Unexpected surge in cost: assistant + gpt-4-vision-preview

I am using the API to send an assistant (w/ gpt-4-vision-preview) a screenshot and the URL the screenshot is from. In the past 48 hours, I have noticed a huge spike in the cost of these queries.

We were spending $4-$5 a day, and suddenly we’re spending $20+. The number and size of the payloads does not appear to have changed appreciably in that time.

But looking at the billing details more closely, it thinks the number of context tokens has ballooned 10x:


If I’m not sending larger payloads, where is the spike in context tokens coming from?

Are the instructions for the assistant being counted every time a new thread is opened? Even if that were the case, the instructions didn’t grow in size in the past 48 hours.

I may have figured it out – some of the screenshots in the past 48 hours have been much larger than the previous average.

1 Like

I was coming in to suggest this as you found your answer.

I’m general you should always optimize your input before passing it into expensive models.

Essentially, you should crop out or mask unimportant details and scale the image to some max dimension.

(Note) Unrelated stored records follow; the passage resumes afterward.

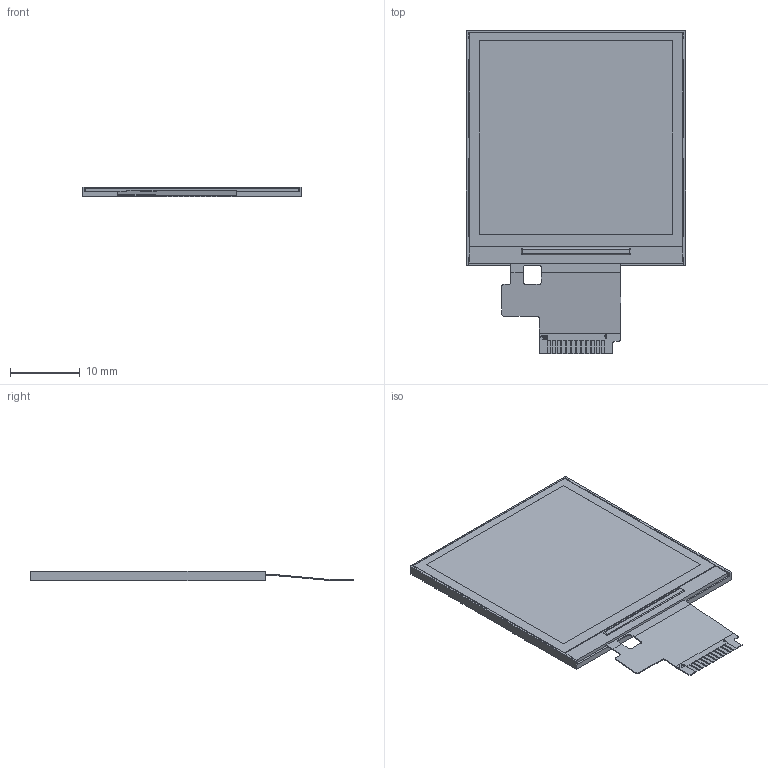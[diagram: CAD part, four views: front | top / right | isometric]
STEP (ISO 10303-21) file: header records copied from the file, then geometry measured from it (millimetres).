
FILE_DESCRIPTION(/* description */ ('Unknown'),/* implementation_level */ '2;1');
FILE_NAME(/* name */ '1.54 TFT IPS - 12P - Flat Mount',/* time_stamp */ '2019-10-09T14:04:40-04:00',/* author */ ('John Loeffler'),/* organization */ ('Unknown'),/* preprocessor_version */ 'ST-DEVELOPER v16.7',/* originating_system */ 'DEX',/* authorisation */ $);
FILE_SCHEMA (('AUTOMOTIVE_DESIGN {1 0 10303 214 3 1 1}'));
Length unit declared in the file: millimetre
Products named in the file (1): 1.54 TFT IPS - 12P - Flat Mount
Bounding box: 31.39 x 46.2 x 1.37 mm (x, y, z)
Volume: 1440.2 mm3; surface area: 3034.1 mm2
Topology: 1 solids, 21 shells, 391 faces, 1022 edges, 673 vertices
Faces by surface type: plane 324, bspline 45, cylinder 18, sphere 4
Entity records: 16579 total; most frequent: CARTESIAN_POINT 4906, ORIENTED_EDGE 2028, DIRECTION 1454, EDGE_CURVE 1014, LINE 688, VECTOR 688, VERTEX_POINT 673, EDGE_LOOP 413
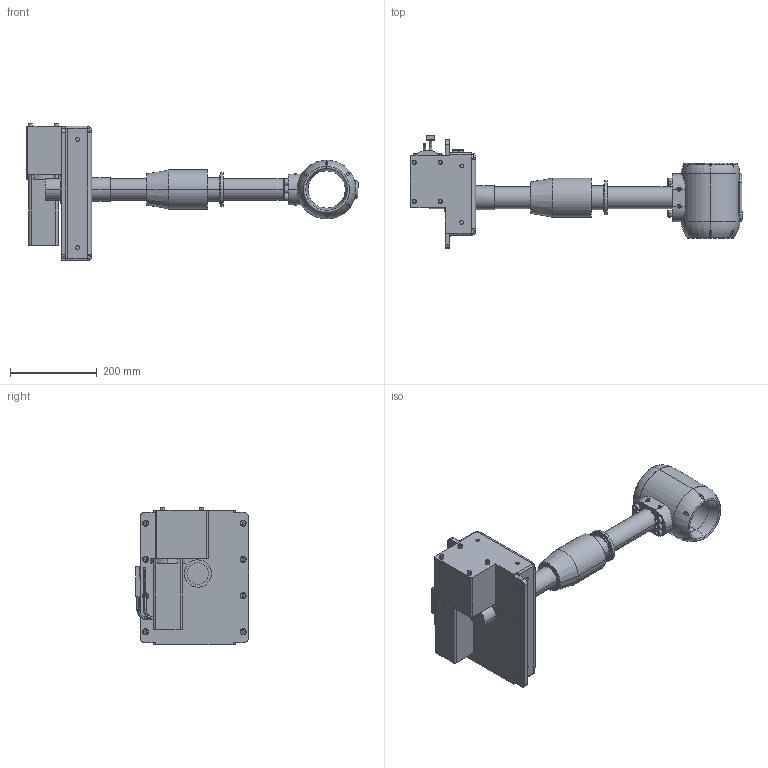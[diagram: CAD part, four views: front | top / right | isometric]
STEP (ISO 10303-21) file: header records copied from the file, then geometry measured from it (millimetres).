
FILE_DESCRIPTION (( 'STEP AP214' ), '1' );
FILE_NAME ('P-087-030-rev-B-086.STEP', '2021-12-01T07:53:20', ( '' ), ( '' ), 'SwSTEP 2.0', 'SolidWorks 2021', '' );
FILE_SCHEMA (( 'AUTOMOTIVE_DESIGN' ));
Length unit declared in the file: millimetre
Products named in the file (1): P-087-030-rev-B-086
Bounding box: 765.59 x 260.7 x 317 mm (x, y, z)
Volume: 9226639.5 mm3; surface area: 561228.1 mm2
Topology: 1 solids, 6 shells, 1147 faces, 2834 edges, 1798 vertices
Faces by surface type: plane 491, cylinder 276, bspline 231, torus 75, cone 66, sphere 8
Entity records: 78787 total; most frequent: CARTESIAN_POINT 42620, ORIENTED_EDGE 5596, DIRECTION 4554, EDGE_CURVE 2798, VERTEX_POINT 1794, AXIS2_PLACEMENT_3D 1701, EDGE_LOOP 1284, LINE 1152

Edit: I wanted to add that one thing you might experiment with is Segment Anything from Meta (see also: https://segment-anything.com/).

The broad strokes idea is that you would first segment your image then only send the relevant bits to the model for vision processing.

If your application is processing many similar screenshots, you can get even better results by doing a fine-tune on the SAM.

1 Like

Would you say that scaling the image down to a max height will hinder vision-preview’s ability to detect elements within the image (e.g. logos, text boxes)? I feel like I’m better off cropping the image to a max height than trying to scale it.

I just found { detail: 'low' } so I’ll try that first.

I think both cropping and scaling have their places.

For instance, if your image is too large, the API will scale it down invisibly in the background before sending it to the model,

For low res mode, we expect a 512px x 512px image. For high res mode, the short side of the image should be less than 768px and the long side should be less than 2,000px.

I don’t know which rescaling algorithm they are using in the background, but I can say it is almost always best to handle any preprocessing yourself so you can ensure the final inputs from the models are the best they can be.

This is partly why I recommended Segment Anything above. With it you can do interesting things like cut out individual elements and resize them to fit in a 512x512 box. This helps ensure individual elements are kept together in the same high-resolution chunk.

But, yeah, doing some form of cropping and downscaling to ensure the input images align with some number of 512x512 blocks will help keep your costs in check while maintaining as much quality as possible.


Thank you for the recommendations. We’re still fine-tuning this particular use case, but SAM sounds like it could be useful. We don’t know the contents of the screenshots ahead of time (that’s why we’re having chatgpt analyze them for us) but we know the elements we’re expecting to find, so SAM might work for us there.

1 Like

Can I ask more details about the screenshots you’re working with?

I would guess you’re analyzing some kind of UI elements, website layouts, or something of that nature, but if I knew more about what you’re broadly trying to get the model to do I might have some other, more targeted, suggestions.

We are looking at screenshots of web sites that have been reported for phishing. So we’re having ChatGPT analyze them for logos, username/password/etc. text-boxes, etc.

ChatGPT or through the API?

How are the sites being reported—are users submitting the screenshots themselves or are you going to the URL with a headless browser and capturing the screen as a rendered image?

Sorry, through the API.

Sometimes the screenshot is provided by the person reporting the URL, and sometimes it is grabbed via headless browser.


I’m sure you’ve considered this, but I’m wondering if you can explain the reasoning to me so I’m up to speed.

If you’ve got the ability to access the page, directly and some of the chief items you are concerned with evaluating are logos, why are you not grabbing the page images directly and evaluating those?